Jeff Huckaby is another Retail resource who is a bit more technical who might be able to give you some alternate suggestions.
Separate community for retail! Its awesome
I have just started working in retail domain and this would be one-stop-solution for all my questions. Already loving it
Hello Matt and welcome.
In the grand scheme of things, ~ 2 billion rows of data is not a lot of data.
In regard to extracts, a general rule of thumb is 100M's rows of data, great for Tableau extracts, 100B's of rows of data, go to the source system/database.
You have to consider how wide your data is for the extract as well, how much the data is different or distinct (such as a SKU or UPC). How much text you have in the columns, etc.
We certainly have company's that have billions of rows of data in the extract, but the data table is not too wide. So width and type of data need to be considered.
I am not a fan of having marts, but having the data architected in a way that people can access all of the data, and the queries are very fast (under 3-5 second SLA).
But to answer your question, it is very realistic and people are definitely storing their data into single systems such as SQL Server, Amazon RedShift, Teradata, Cloudera/Hortonworks, etc. and querying live data, very, very quickly. We have a customer, who is using a combination of Hortonworks and AtScale, both a partner of ours, and they are querying billions and billions of rows of data, and getting results in Tableau within their 3 second SLA. I've also heard of good performance out of Teradata and Tableau as well, and row counts were in the billions and billions as well. Many customers have also had great success with the Redshift/Tableau combination.

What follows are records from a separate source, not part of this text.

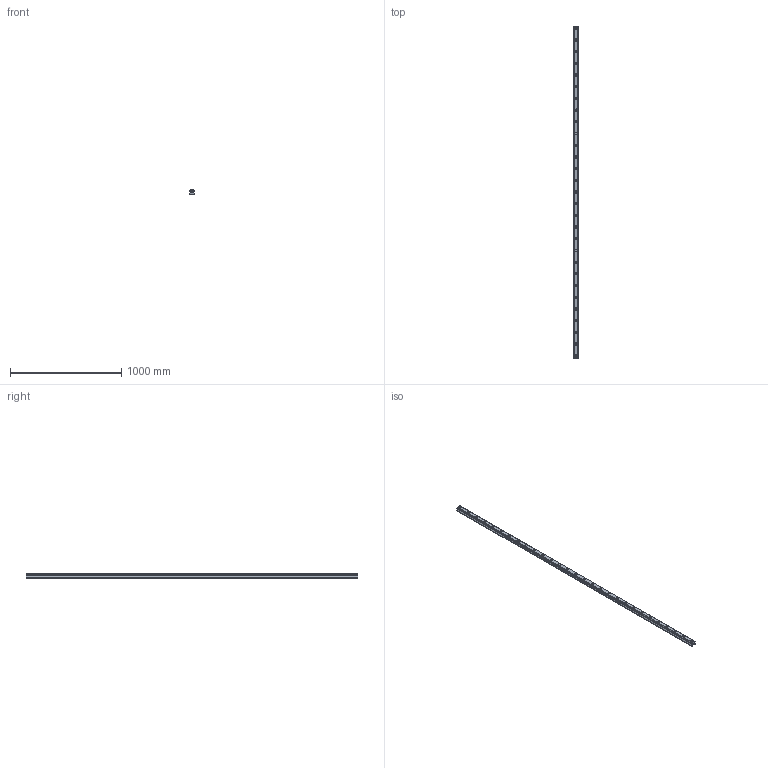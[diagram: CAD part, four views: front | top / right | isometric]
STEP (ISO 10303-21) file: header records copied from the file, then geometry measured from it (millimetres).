
FILE_DESCRIPTION(('STEP AP214'),'1');
FILE_NAME('cctmp_8C35CED9-5A3A-4BDE-9C39-B71CFBB84EE8_2020_10_29_8_51_38_758..stp','2020-10-29T07:51:38',('HIWIN GmbH'),('CADClick - www.CADClick.com'),'Spatial InterOp 3D',' ','unknown authorization');
FILE_SCHEMA(('AUTOMOTIVE_DESIGN'));
Length unit declared in the file: millimetre
Products named in the file (1): HGR45R2980H_FILE
Bounding box: 45 x 2980 x 38 mm (x, y, z)
Volume: 4003700.5 mm3; surface area: 579316 mm2
Topology: 1 solids, 1 shells, 358 faces, 795 edges, 530 vertices
Faces by surface type: plane 180, cylinder 178
Entity records: 12923 total; most frequent: DIRECTION 1869, CARTESIAN_POINT 1684, ORIENTED_EDGE 1590, EDGE_CURVE 795, AXIS2_PLACEMENT_3D 715, VERTEX_POINT 530, EDGE_LOOP 449, LINE 439
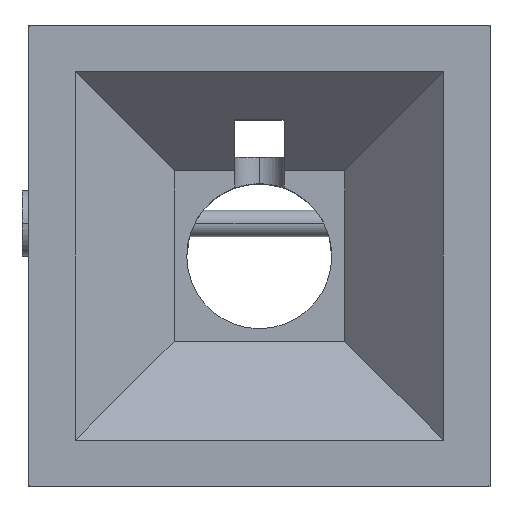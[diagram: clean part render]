
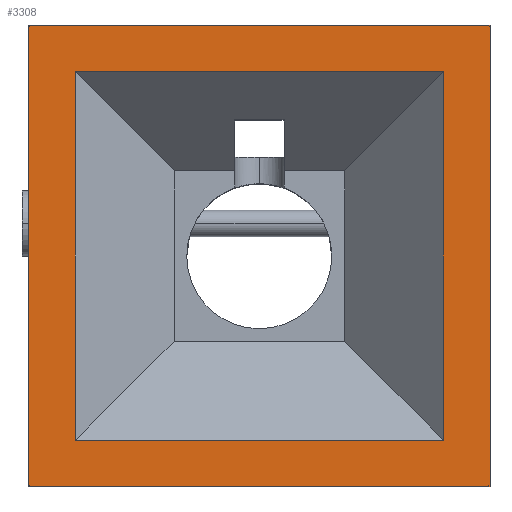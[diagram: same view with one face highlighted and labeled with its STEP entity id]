
A CAD part, top view. The second image highlights one B-rep face of the part: STEP entity #3308.
In plain terms, the highlighted planar face has unit normal (0, 0, 1).
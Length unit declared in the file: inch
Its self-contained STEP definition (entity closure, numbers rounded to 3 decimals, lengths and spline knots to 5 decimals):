
#10 = VECTOR ( 'NONE', #1964, 39.37008 ) ;
#98 = CARTESIAN_POINT ( 'NONE',  ( 0., 3.5, 5.5 ) ) ;
#102 = VECTOR ( 'NONE', #2180, 39.37008 ) ;
#139 = EDGE_CURVE ( 'NONE', #2440, #2581, #2799, .T. ) ;
#153 = LINE ( 'NONE', #98, #10 ) ;
#157 = DIRECTION ( 'NONE',  ( 0., -1., 0. ) ) ;
#182 = CARTESIAN_POINT ( 'NONE',  ( -2.79289, 2.79289, 5.5 ) ) ;
#262 = VECTOR ( 'NONE', #2285, 39.37008 ) ;
#336 = DIRECTION ( 'NONE',  ( 0., 0., 1. ) ) ;
#399 = DIRECTION ( 'NONE',  ( -1., 0., 0. ) ) ;
#472 = CARTESIAN_POINT ( 'NONE',  ( 0., -2.79289, 5.5 ) ) ;
#474 = EDGE_CURVE ( 'NONE', #2061, #2978, #153, .T. ) ;
#480 = EDGE_CURVE ( 'NONE', #1494, #2316, #1704, .T. ) ;
#538 = EDGE_CURVE ( 'NONE', #2692, #2089, #1498, .T. ) ;
#589 = FACE_BOUND ( 'NONE', #3132, .T. ) ;
#611 = CARTESIAN_POINT ( 'NONE',  ( 2.79289, 2.79289, 5.5 ) ) ;
#691 = DIRECTION ( 'NONE',  ( 0., -1., 0. ) ) ;
#712 = CARTESIAN_POINT ( 'NONE',  ( -3.5, -3.5, 5.5 ) ) ;
#720 = CARTESIAN_POINT ( 'NONE',  ( 2.79289, 0., 5.5 ) ) ;
#751 = ORIENTED_EDGE ( 'NONE', *, *, #2561, .T. ) ;
#867 = DIRECTION ( 'NONE',  ( 1., 0., 0. ) ) ;
#872 = CARTESIAN_POINT ( 'NONE',  ( 3.5, -3.5, 5.5 ) ) ;
#961 = AXIS2_PLACEMENT_3D ( 'NONE', #2691, #336, #867 ) ;
#1057 = LINE ( 'NONE', #2391, #102 ) ;
#1145 = VECTOR ( 'NONE', #691, 39.37008 ) ;
#1167 = LINE ( 'NONE', #720, #1145 ) ;
#1189 = CARTESIAN_POINT ( 'NONE',  ( -3.5, 3.5, 5.5 ) ) ;
#1280 = EDGE_LOOP ( 'NONE', ( #2241, #3214, #2475, #1575 ) ) ;
#1444 = EDGE_CURVE ( 'NONE', #2061, #1494, #2336, .T. ) ;
#1494 = VERTEX_POINT ( 'NONE', #872 ) ;
#1496 = EDGE_CURVE ( 'NONE', #2978, #2316, #1057, .T. ) ;
#1498 = LINE ( 'NONE', #472, #2879 ) ;
#1536 = ORIENTED_EDGE ( 'NONE', *, *, #139, .F. ) ;
#1575 = ORIENTED_EDGE ( 'NONE', *, *, #1444, .F. ) ;
#1634 = FACE_OUTER_BOUND ( 'NONE', #1280, .T. ) ;
#1704 = LINE ( 'NONE', #2753, #1935 ) ;
#1935 = VECTOR ( 'NONE', #399, 39.37008 ) ;
#1964 = DIRECTION ( 'NONE',  ( -1., 0., 0. ) ) ;
#1986 = CARTESIAN_POINT ( 'NONE',  ( 3.5, 0., 5.5 ) ) ;
#2000 = DIRECTION ( 'NONE',  ( -1., 0., 0. ) ) ;
#2061 = VERTEX_POINT ( 'NONE', #2759 ) ;
#2088 = ORIENTED_EDGE ( 'NONE', *, *, #2124, .F. ) ;
#2089 = VERTEX_POINT ( 'NONE', #2236 ) ;
#2124 = EDGE_CURVE ( 'NONE', #2581, #2089, #2727, .T. ) ;
#2180 = DIRECTION ( 'NONE',  ( 0., -1., 0. ) ) ;
#2219 = CARTESIAN_POINT ( 'NONE',  ( 0., 2.79289, 5.5 ) ) ;
#2236 = CARTESIAN_POINT ( 'NONE',  ( -2.79289, -2.79289, 5.5 ) ) ;
#2241 = ORIENTED_EDGE ( 'NONE', *, *, #474, .T. ) ;
#2264 = CARTESIAN_POINT ( 'NONE',  ( -2.79289, 0., 5.5 ) ) ;
#2285 = DIRECTION ( 'NONE',  ( 0., -1., 0. ) ) ;
#2316 = VERTEX_POINT ( 'NONE', #712 ) ;
#2336 = LINE ( 'NONE', #1986, #262 ) ;
#2391 = CARTESIAN_POINT ( 'NONE',  ( -3.5, 0., 5.5 ) ) ;
#2440 = VERTEX_POINT ( 'NONE', #611 ) ;
#2475 = ORIENTED_EDGE ( 'NONE', *, *, #480, .F. ) ;
#2528 = CARTESIAN_POINT ( 'NONE',  ( 2.79289, -2.79289, 5.5 ) ) ;
#2561 = EDGE_CURVE ( 'NONE', #2440, #2692, #1167, .T. ) ;
#2569 = ORIENTED_EDGE ( 'NONE', *, *, #538, .T. ) ;
#2581 = VERTEX_POINT ( 'NONE', #182 ) ;
#2691 = CARTESIAN_POINT ( 'NONE',  ( 0., 0., 5.5 ) ) ;
#2692 = VERTEX_POINT ( 'NONE', #2528 ) ;
#2727 = LINE ( 'NONE', #2264, #2849 ) ;
#2753 = CARTESIAN_POINT ( 'NONE',  ( 0., -3.5, 5.5 ) ) ;
#2759 = CARTESIAN_POINT ( 'NONE',  ( 3.5, 3.5, 5.5 ) ) ;
#2799 = LINE ( 'NONE', #2219, #3212 ) ;
#2849 = VECTOR ( 'NONE', #157, 39.37008 ) ;
#2879 = VECTOR ( 'NONE', #2000, 39.37008 ) ;
#2978 = VERTEX_POINT ( 'NONE', #1189 ) ;
#3132 = EDGE_LOOP ( 'NONE', ( #1536, #751, #2569, #2088 ) ) ;
#3212 = VECTOR ( 'NONE', #3272, 39.37008 ) ;
#3214 = ORIENTED_EDGE ( 'NONE', *, *, #1496, .T. ) ;
#3228 = PLANE ( 'NONE',  #961 ) ;
#3272 = DIRECTION ( 'NONE',  ( -1., 0., 0. ) ) ;
#3308 = ADVANCED_FACE ( 'NONE', ( #589, #1634 ), #3228, .T. ) ;
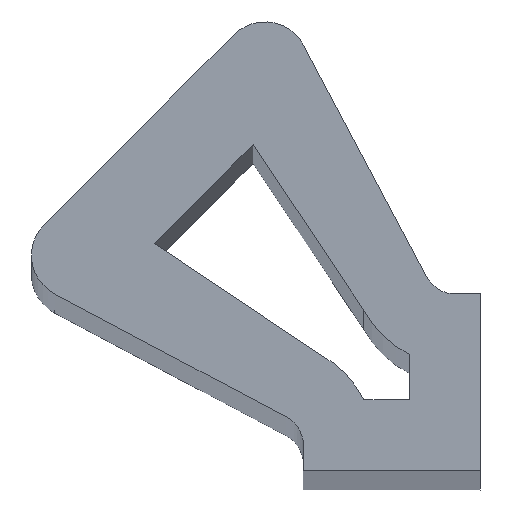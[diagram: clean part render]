
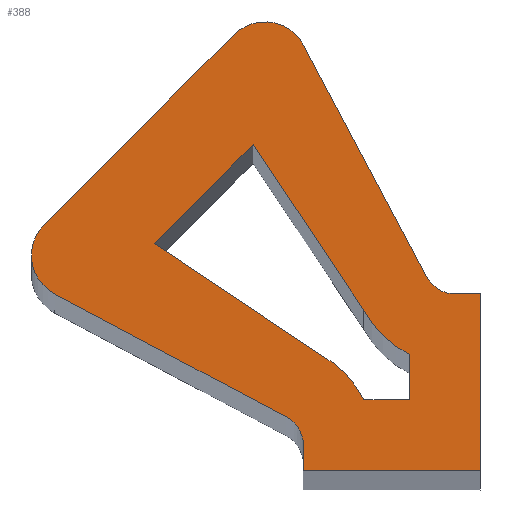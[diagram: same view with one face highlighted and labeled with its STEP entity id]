
A CAD part, top view. The second image highlights one B-rep face of the part: STEP entity #388.
In plain terms, the highlighted planar face has unit normal (0, 0, 1).
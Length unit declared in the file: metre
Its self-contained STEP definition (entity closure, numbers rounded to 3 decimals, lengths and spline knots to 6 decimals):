
#13=CIRCLE('',#407,0.00064);
#15=CIRCLE('',#411,0.00086);
#17=CIRCLE('',#415,0.00086);
#19=CIRCLE('',#419,0.00064);
#21=CIRCLE('',#424,0.00204);
#23=CIRCLE('',#429,0.00204);
#102=ORIENTED_EDGE('',*,*,#171,.T.);
#103=ORIENTED_EDGE('',*,*,#189,.F.);
#104=ORIENTED_EDGE('',*,*,#186,.F.);
#105=ORIENTED_EDGE('',*,*,#183,.F.);
#106=ORIENTED_EDGE('',*,*,#180,.F.);
#107=ORIENTED_EDGE('',*,*,#177,.F.);
#108=ORIENTED_EDGE('',*,*,#174,.F.);
#109=ORIENTED_EDGE('',*,*,#140,.T.);
#110=ORIENTED_EDGE('',*,*,#191,.T.);
#111=ORIENTED_EDGE('',*,*,#167,.T.);
#112=ORIENTED_EDGE('',*,*,#164,.T.);
#113=ORIENTED_EDGE('',*,*,#161,.T.);
#114=ORIENTED_EDGE('',*,*,#158,.F.);
#115=ORIENTED_EDGE('',*,*,#155,.T.);
#116=ORIENTED_EDGE('',*,*,#152,.F.);
#117=ORIENTED_EDGE('',*,*,#149,.T.);
#118=ORIENTED_EDGE('',*,*,#146,.T.);
#119=ORIENTED_EDGE('',*,*,#143,.F.);
#140=EDGE_CURVE('',#195,#194,#230,.T.);
#143=EDGE_CURVE('',#195,#197,#233,.T.);
#146=EDGE_CURVE('',#199,#197,#13,.T.);
#149=EDGE_CURVE('',#201,#199,#237,.T.);
#152=EDGE_CURVE('',#201,#203,#15,.T.);
#155=EDGE_CURVE('',#205,#203,#241,.T.);
#158=EDGE_CURVE('',#205,#207,#17,.T.);
#161=EDGE_CURVE('',#209,#207,#245,.T.);
#164=EDGE_CURVE('',#211,#209,#19,.T.);
#167=EDGE_CURVE('',#213,#211,#249,.T.);
#171=EDGE_CURVE('',#217,#216,#253,.T.);
#174=EDGE_CURVE('',#217,#219,#21,.T.);
#177=EDGE_CURVE('',#219,#221,#257,.T.);
#180=EDGE_CURVE('',#221,#223,#260,.T.);
#183=EDGE_CURVE('',#223,#225,#23,.T.);
#186=EDGE_CURVE('',#225,#227,#264,.T.);
#189=EDGE_CURVE('',#227,#216,#267,.T.);
#191=EDGE_CURVE('',#194,#213,#269,.T.);
#194=VERTEX_POINT('',#549);
#195=VERTEX_POINT('',#551);
#197=VERTEX_POINT('',#557);
#199=VERTEX_POINT('',#563);
#201=VERTEX_POINT('',#569);
#203=VERTEX_POINT('',#575);
#205=VERTEX_POINT('',#581);
#207=VERTEX_POINT('',#587);
#209=VERTEX_POINT('',#593);
#211=VERTEX_POINT('',#599);
#213=VERTEX_POINT('',#605);
#216=VERTEX_POINT('',#612);
#217=VERTEX_POINT('',#614);
#219=VERTEX_POINT('',#620);
#221=VERTEX_POINT('',#626);
#223=VERTEX_POINT('',#632);
#225=VERTEX_POINT('',#638);
#227=VERTEX_POINT('',#644);
#230=LINE('',#550,#272);
#233=LINE('',#556,#275);
#237=LINE('',#568,#279);
#241=LINE('',#580,#283);
#245=LINE('',#592,#287);
#249=LINE('',#604,#291);
#253=LINE('',#613,#295);
#257=LINE('',#625,#299);
#260=LINE('',#631,#302);
#264=LINE('',#643,#306);
#267=LINE('',#648,#309);
#269=LINE('',#651,#311);
#272=VECTOR('',#441,1.);
#275=VECTOR('',#446,1.);
#279=VECTOR('',#458,1.);
#283=VECTOR('',#470,1.);
#287=VECTOR('',#482,1.);
#291=VECTOR('',#494,1.);
#295=VECTOR('',#500,1.);
#299=VECTOR('',#512,1.);
#302=VECTOR('',#517,1.);
#306=VECTOR('',#529,1.);
#309=VECTOR('',#534,1.);
#311=VECTOR('',#538,1.);
#330=EDGE_LOOP('',(#102,#103,#104,#105,#106,#107,#108));
#331=EDGE_LOOP('',(#109,#110,#111,#112,#113,#114,#115,#116,#117,#118,#119));
#352=FACE_BOUND('',#330,.T.);
#353=FACE_BOUND('',#331,.T.);
#368=PLANE('',#433);
#388=ADVANCED_FACE('',(#352,#353),#368,.F.);
#407=AXIS2_PLACEMENT_3D('',#562,#452,#453);
#411=AXIS2_PLACEMENT_3D('',#574,#464,#465);
#415=AXIS2_PLACEMENT_3D('',#586,#476,#477);
#419=AXIS2_PLACEMENT_3D('',#598,#488,#489);
#424=AXIS2_PLACEMENT_3D('',#619,#506,#507);
#429=AXIS2_PLACEMENT_3D('',#637,#523,#524);
#433=AXIS2_PLACEMENT_3D('',#652,#539,#540);
#441=DIRECTION('',(1.,0.,0.));
#446=DIRECTION('',(0.,1.,0.));
#452=DIRECTION('',(0.,0.,-1.));
#453=DIRECTION('',(1.,0.,0.));
#458=DIRECTION('',(0.883,-0.469,0.));
#464=DIRECTION('',(0.,0.,-1.));
#465=DIRECTION('',(1.,0.,0.));
#470=DIRECTION('',(-0.707,-0.707,0.));
#476=DIRECTION('',(0.,0.,-1.));
#477=DIRECTION('',(1.,0.,0.));
#482=DIRECTION('',(-0.469,0.883,0.));
#488=DIRECTION('',(0.,0.,-1.));
#489=DIRECTION('',(1.,0.,0.));
#494=DIRECTION('',(-1.,0.,0.));
#500=DIRECTION('',(-0.831,0.557,0.));
#506=DIRECTION('',(0.,0.,-1.));
#507=DIRECTION('',(1.,0.,0.));
#512=DIRECTION('',(1.,0.,0.));
#517=DIRECTION('',(0.,1.,0.));
#523=DIRECTION('',(0.,0.,-1.));
#524=DIRECTION('',(1.,0.,0.));
#529=DIRECTION('',(-0.557,0.831,0.));
#534=DIRECTION('',(-0.707,-0.707,0.));
#538=DIRECTION('',(0.,1.,0.));
#539=DIRECTION('',(0.,0.,-1.));
#540=DIRECTION('',(1.,0.,0.));
#549=CARTESIAN_POINT('',(0.,0.,0.1651));
#550=CARTESIAN_POINT('',(-0.001745,0.,0.1651));
#551=CARTESIAN_POINT('',(-0.00349,0.,0.1651));
#556=CARTESIAN_POINT('',(-0.00349,0.00025,0.1651));
#557=CARTESIAN_POINT('',(-0.00349,0.0005,0.1651));
#562=CARTESIAN_POINT('',(-0.00413,0.0005,0.1651));
#563=CARTESIAN_POINT('',(-0.00383,0.001065,0.1651));
#568=CARTESIAN_POINT('',(-0.006113,0.002277,0.1651));
#569=CARTESIAN_POINT('',(-0.008397,0.00349,0.1651));
#574=CARTESIAN_POINT('',(-0.007993,0.004249,0.1651));
#575=CARTESIAN_POINT('',(-0.008602,0.004857,0.1651));
#580=CARTESIAN_POINT('',(-0.006729,0.006729,0.1651));
#581=CARTESIAN_POINT('',(-0.004857,0.008602,0.1651));
#586=CARTESIAN_POINT('',(-0.004249,0.007993,0.1651));
#587=CARTESIAN_POINT('',(-0.00349,0.008397,0.1651));
#592=CARTESIAN_POINT('',(-0.002277,0.006113,0.1651));
#593=CARTESIAN_POINT('',(-0.001065,0.00383,0.1651));
#598=CARTESIAN_POINT('',(-0.0005,0.00413,0.1651));
#599=CARTESIAN_POINT('',(-0.0005,0.00349,0.1651));
#604=CARTESIAN_POINT('',(-0.00025,0.00349,0.1651));
#605=CARTESIAN_POINT('',(0.,0.00349,0.1651));
#612=CARTESIAN_POINT('',(-0.00643,0.004483,0.1651));
#613=CARTESIAN_POINT('',(-0.004802,0.003393,0.1651));
#614=CARTESIAN_POINT('',(-0.003173,0.002302,0.1651));
#619=CARTESIAN_POINT('',(-0.00413,0.0005,0.1651));
#620=CARTESIAN_POINT('',(-0.002299,0.0014,0.1651));
#625=CARTESIAN_POINT('',(-0.001849,0.0014,0.1651));
#626=CARTESIAN_POINT('',(-0.0014,0.0014,0.1651));
#631=CARTESIAN_POINT('',(-0.0014,0.001849,0.1651));
#632=CARTESIAN_POINT('',(-0.0014,0.002299,0.1651));
#637=CARTESIAN_POINT('',(-0.0005,0.00413,0.1651));
#638=CARTESIAN_POINT('',(-0.002302,0.003173,0.1651));
#643=CARTESIAN_POINT('',(-0.003393,0.004802,0.1651));
#644=CARTESIAN_POINT('',(-0.004483,0.00643,0.1651));
#648=CARTESIAN_POINT('',(-0.005457,0.005457,0.1651));
#651=CARTESIAN_POINT('',(0.,0.001745,0.1651));
#652=CARTESIAN_POINT('',(-0.004497,0.004497,0.1651));

Never a company to stand still and not innovate, our developer team will be adding capability to the data extract engine and enhanced in the future with new technology obtained from our acquisition of HyPer.
I included a recent article that we posted in regard to query performance gains within SQL Server 2016.
SQL Server 2016 - Query Performance
I hope this helps Matt
Yes Sai - we are excited as well. There are a lot of people in retail that struggle with analystics, and when they discover Tableau, they get really, really happy, and really, really excited.
Retail is a fun area to work in, welcome to the family!
Thanks Jeremy and Jeff for the excellent information.
I had tried using Oracle Essbase cubes about 5 years ago with Tableau and I did find the limitations to be prohibitive at the time. I'm particularly interested in the scalability of non-cube solutions such as Redshift and BigQuery and the various flavors of Hadoop that are available. The promise of Redshift is that you can just add more nodes and upgrade to the bigger nodes to handle the scale but I haven't tried it with those larger raw data sets yet. We're currently using Redshift as a Mart with 10s of millions of rows in each reporting source table and we're using 4 of the smaller-size nodes for that project. Performance in Tableau is decent when connected to those sources (3-15 second wait times with most in the 5-10 second range).
It will be great to hear some other user stories about analyzing big retail data with Tableau and to hear what systems have worked well and which systems couldn't keep up. I'll also continue to post more on my experience with it if I get assigned to analyze those larger data sets such as shopping-cart data.